Your instructions
What follows is a set of records. Repeat every one of them exactly.

Records from a data collection
########
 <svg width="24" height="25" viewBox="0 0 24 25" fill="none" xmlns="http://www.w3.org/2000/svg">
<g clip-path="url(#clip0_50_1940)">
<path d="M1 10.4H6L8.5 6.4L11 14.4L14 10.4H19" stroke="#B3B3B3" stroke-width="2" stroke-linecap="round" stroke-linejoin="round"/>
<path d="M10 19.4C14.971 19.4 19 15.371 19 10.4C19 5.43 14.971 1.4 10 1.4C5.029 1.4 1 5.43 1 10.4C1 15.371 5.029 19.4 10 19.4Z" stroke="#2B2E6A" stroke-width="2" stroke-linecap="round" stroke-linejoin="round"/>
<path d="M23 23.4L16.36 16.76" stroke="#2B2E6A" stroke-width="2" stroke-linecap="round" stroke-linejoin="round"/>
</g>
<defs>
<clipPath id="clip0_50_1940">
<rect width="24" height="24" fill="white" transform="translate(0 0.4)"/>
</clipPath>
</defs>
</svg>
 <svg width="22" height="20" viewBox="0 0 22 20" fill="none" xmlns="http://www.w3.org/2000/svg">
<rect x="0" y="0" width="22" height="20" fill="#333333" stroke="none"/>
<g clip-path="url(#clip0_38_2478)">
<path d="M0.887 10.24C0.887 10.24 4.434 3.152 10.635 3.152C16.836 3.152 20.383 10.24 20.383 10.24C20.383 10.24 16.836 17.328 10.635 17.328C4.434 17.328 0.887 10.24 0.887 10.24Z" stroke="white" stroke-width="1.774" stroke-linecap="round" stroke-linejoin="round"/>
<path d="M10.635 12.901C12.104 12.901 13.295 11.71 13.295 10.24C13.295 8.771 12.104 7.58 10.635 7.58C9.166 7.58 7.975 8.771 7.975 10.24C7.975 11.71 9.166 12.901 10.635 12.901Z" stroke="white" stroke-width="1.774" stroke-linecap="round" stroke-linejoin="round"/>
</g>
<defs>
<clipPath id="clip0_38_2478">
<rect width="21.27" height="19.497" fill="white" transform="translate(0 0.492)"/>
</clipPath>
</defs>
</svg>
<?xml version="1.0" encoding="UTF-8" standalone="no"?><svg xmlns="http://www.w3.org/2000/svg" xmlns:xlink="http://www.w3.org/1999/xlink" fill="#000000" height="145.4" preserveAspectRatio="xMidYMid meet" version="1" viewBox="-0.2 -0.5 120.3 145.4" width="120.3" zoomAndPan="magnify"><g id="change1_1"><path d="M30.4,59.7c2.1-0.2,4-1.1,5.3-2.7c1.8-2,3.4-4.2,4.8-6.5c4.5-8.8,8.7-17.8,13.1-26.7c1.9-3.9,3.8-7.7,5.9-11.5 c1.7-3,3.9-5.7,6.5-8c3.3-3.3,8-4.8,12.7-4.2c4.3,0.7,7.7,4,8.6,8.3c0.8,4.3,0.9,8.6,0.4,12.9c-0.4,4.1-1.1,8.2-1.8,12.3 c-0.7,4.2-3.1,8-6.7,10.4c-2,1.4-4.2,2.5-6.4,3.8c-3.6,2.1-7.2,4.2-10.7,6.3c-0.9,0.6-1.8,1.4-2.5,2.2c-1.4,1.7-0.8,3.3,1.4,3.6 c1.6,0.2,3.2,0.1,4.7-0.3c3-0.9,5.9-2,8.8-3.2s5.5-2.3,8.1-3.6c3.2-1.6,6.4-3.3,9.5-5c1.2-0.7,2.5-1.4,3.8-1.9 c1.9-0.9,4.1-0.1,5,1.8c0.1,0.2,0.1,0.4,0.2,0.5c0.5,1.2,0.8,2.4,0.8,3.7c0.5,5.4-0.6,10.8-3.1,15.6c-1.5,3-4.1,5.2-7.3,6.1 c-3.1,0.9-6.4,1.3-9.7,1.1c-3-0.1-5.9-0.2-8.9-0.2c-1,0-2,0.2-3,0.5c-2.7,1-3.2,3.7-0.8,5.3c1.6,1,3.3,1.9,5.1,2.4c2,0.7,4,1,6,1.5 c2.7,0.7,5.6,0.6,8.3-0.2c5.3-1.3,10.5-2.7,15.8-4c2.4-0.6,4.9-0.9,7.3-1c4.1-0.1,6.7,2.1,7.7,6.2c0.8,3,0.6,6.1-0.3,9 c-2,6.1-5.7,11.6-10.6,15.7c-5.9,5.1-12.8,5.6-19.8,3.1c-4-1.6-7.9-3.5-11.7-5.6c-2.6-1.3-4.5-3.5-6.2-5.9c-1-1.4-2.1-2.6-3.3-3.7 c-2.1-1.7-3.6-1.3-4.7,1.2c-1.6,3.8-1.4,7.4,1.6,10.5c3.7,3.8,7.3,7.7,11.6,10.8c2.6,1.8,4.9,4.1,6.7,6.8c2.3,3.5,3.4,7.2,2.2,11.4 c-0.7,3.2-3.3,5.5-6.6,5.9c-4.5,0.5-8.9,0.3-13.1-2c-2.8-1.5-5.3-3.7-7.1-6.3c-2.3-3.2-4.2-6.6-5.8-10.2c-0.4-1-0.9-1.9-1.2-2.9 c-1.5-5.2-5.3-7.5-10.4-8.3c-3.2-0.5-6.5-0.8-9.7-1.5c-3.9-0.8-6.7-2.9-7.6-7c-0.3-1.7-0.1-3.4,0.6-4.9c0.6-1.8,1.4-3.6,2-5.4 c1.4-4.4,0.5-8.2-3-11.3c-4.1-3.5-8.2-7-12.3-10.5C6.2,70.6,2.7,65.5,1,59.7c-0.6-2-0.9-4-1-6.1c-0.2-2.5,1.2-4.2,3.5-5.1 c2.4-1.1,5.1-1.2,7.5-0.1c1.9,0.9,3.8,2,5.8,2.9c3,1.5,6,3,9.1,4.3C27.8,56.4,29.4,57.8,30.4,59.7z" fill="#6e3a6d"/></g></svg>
########
Result below
 <svg width="24" height="25" viewBox="0 0 24 25" fill="none" xmlns="http://www.w3.org/2000/svg">
<g clip-path="url(#clip0_50_1940)">
<path d="M1 10.4H6L8.5 6.4L11 14.4L14 10.4H19" stroke="#B3B3B3" stroke-width="2" stroke-linecap="round" stroke-linejoin="round"/>
<path d="M10 19.4C14.971 19.4 19 15.371 19 10.4C19 5.43 14.971 1.4 10 1.4C5.029 1.4 1 5.43 1 10.4C1 15.371 5.029 19.4 10 19.4Z" stroke="#2B2E6A" stroke-width="2" stroke-linecap="round" stroke-linejoin="round"/>
<path d="M23 23.4L16.36 16.76" stroke="#2B2E6A" stroke-width="2" stroke-linecap="round" stroke-linejoin="round"/>
</g>
<defs>
<clipPath id="clip0_50_1940">
<rect width="24" height="24" fill="white" transform="translate(0 0.4)"/>
</clipPath>
</defs>
</svg>
 <svg width="22" height="20" viewBox="0 0 22 20" fill="none" xmlns="http://www.w3.org/2000/svg">
<rect x="0" y="0" width="22" height="20" fill="#333333" stroke="none"/>
<g clip-path="url(#clip0_38_2478)">
<path d="M0.887 10.24C0.887 10.24 4.434 3.152 10.635 3.152C16.836 3.152 20.383 10.24 20.383 10.24C20.383 10.24 16.836 17.328 10.635 17.328C4.434 17.328 0.887 10.24 0.887 10.24Z" stroke="white" stroke-width="1.774" stroke-linecap="round" stroke-linejoin="round"/>
<path d="M10.635 12.901C12.104 12.901 13.295 11.71 13.295 10.24C13.295 8.771 12.104 7.58 10.635 7.58C9.166 7.58 7.975 8.771 7.975 10.24C7.975 11.71 9.166 12.901 10.635 12.901Z" stroke="white" stroke-width="1.774" stroke-linecap="round" stroke-linejoin="round"/>
</g>
<defs>
<clipPath id="clip0_38_2478">
<rect width="21.27" height="19.497" fill="white" transform="translate(0 0.492)"/>
</clipPath>
</defs>
</svg>
<?xml version="1.0" encoding="UTF-8" standalone="no"?><svg xmlns="http://www.w3.org/2000/svg" xmlns:xlink="http://www.w3.org/1999/xlink" fill="#000000" height="145.4" preserveAspectRatio="xMidYMid meet" version="1" viewBox="-0.2 -0.5 120.3 145.4" width="120.3" zoomAndPan="magnify"><g id="change1_1"><path d="M30.4,59.7c2.1-0.2,4-1.1,5.3-2.7c1.8-2,3.4-4.2,4.8-6.5c4.5-8.8,8.7-17.8,13.1-26.7c1.9-3.9,3.8-7.7,5.9-11.5 c1.7-3,3.9-5.7,6.5-8c3.3-3.3,8-4.8,12.7-4.2c4.3,0.7,7.7,4,8.6,8.3c0.8,4.3,0.9,8.6,0.4,12.9c-0.4,4.1-1.1,8.2-1.8,12.3 c-0.7,4.2-3.1,8-6.7,10.4c-2,1.4-4.2,2.5-6.4,3.8c-3.6,2.1-7.2,4.2-10.7,6.3c-0.9,0.6-1.8,1.4-2.5,2.2c-1.4,1.7-0.8,3.3,1.4,3.6 c1.6,0.2,3.2,0.1,4.7-0.3c3-0.9,5.9-2,8.8-3.2s5.5-2.3,8.1-3.6c3.2-1.6,6.4-3.3,9.5-5c1.2-0.7,2.5-1.4,3.8-1.9 c1.9-0.9,4.1-0.1,5,1.8c0.1,0.2,0.1,0.4,0.2,0.5c0.5,1.2,0.8,2.4,0.8,3.7c0.5,5.4-0.6,10.8-3.1,15.6c-1.5,3-4.1,5.2-7.3,6.1 c-3.1,0.9-6.4,1.3-9.7,1.1c-3-0.1-5.9-0.2-8.9-0.2c-1,0-2,0.2-3,0.5c-2.7,1-3.2,3.7-0.8,5.3c1.6,1,3.3,1.9,5.1,2.4c2,0.7,4,1,6,1.5 c2.7,0.7,5.6,0.6,8.3-0.2c5.3-1.3,10.5-2.7,15.8-4c2.4-0.6,4.9-0.9,7.3-1c4.1-0.1,6.7,2.1,7.7,6.2c0.8,3,0.6,6.1-0.3,9 c-2,6.1-5.7,11.6-10.6,15.7c-5.9,5.1-12.8,5.6-19.8,3.1c-4-1.6-7.9-3.5-11.7-5.6c-2.6-1.3-4.5-3.5-6.2-5.9c-1-1.4-2.1-2.6-3.3-3.7 c-2.1-1.7-3.6-1.3-4.7,1.2c-1.6,3.8-1.4,7.4,1.6,10.5c3.7,3.8,7.3,7.7,11.6,10.8c2.6,1.8,4.9,4.1,6.7,6.8c2.3,3.5,3.4,7.2,2.2,11.4 c-0.7,3.2-3.3,5.5-6.6,5.9c-4.5,0.5-8.9,0.3-13.1-2c-2.8-1.5-5.3-3.7-7.1-6.3c-2.3-3.2-4.2-6.6-5.8-10.2c-0.4-1-0.9-1.9-1.2-2.9 c-1.5-5.2-5.3-7.5-10.4-8.3c-3.2-0.5-6.5-0.8-9.7-1.5c-3.9-0.8-6.7-2.9-7.6-7c-0.3-1.7-0.1-3.4,0.6-4.9c0.6-1.8,1.4-3.6,2-5.4 c1.4-4.4,0.5-8.2-3-11.3c-4.1-3.5-8.2-7-12.3-10.5C6.2,70.6,2.7,65.5,1,59.7c-0.6-2-0.9-4-1-6.1c-0.2-2.5,1.2-4.2,3.5-5.1 c2.4-1.1,5.1-1.2,7.5-0.1c1.9,0.9,3.8,2,5.8,2.9c3,1.5,6,3,9.1,4.3C27.8,56.4,29.4,57.8,30.4,59.7z" fill="#6e3a6d"/></g></svg>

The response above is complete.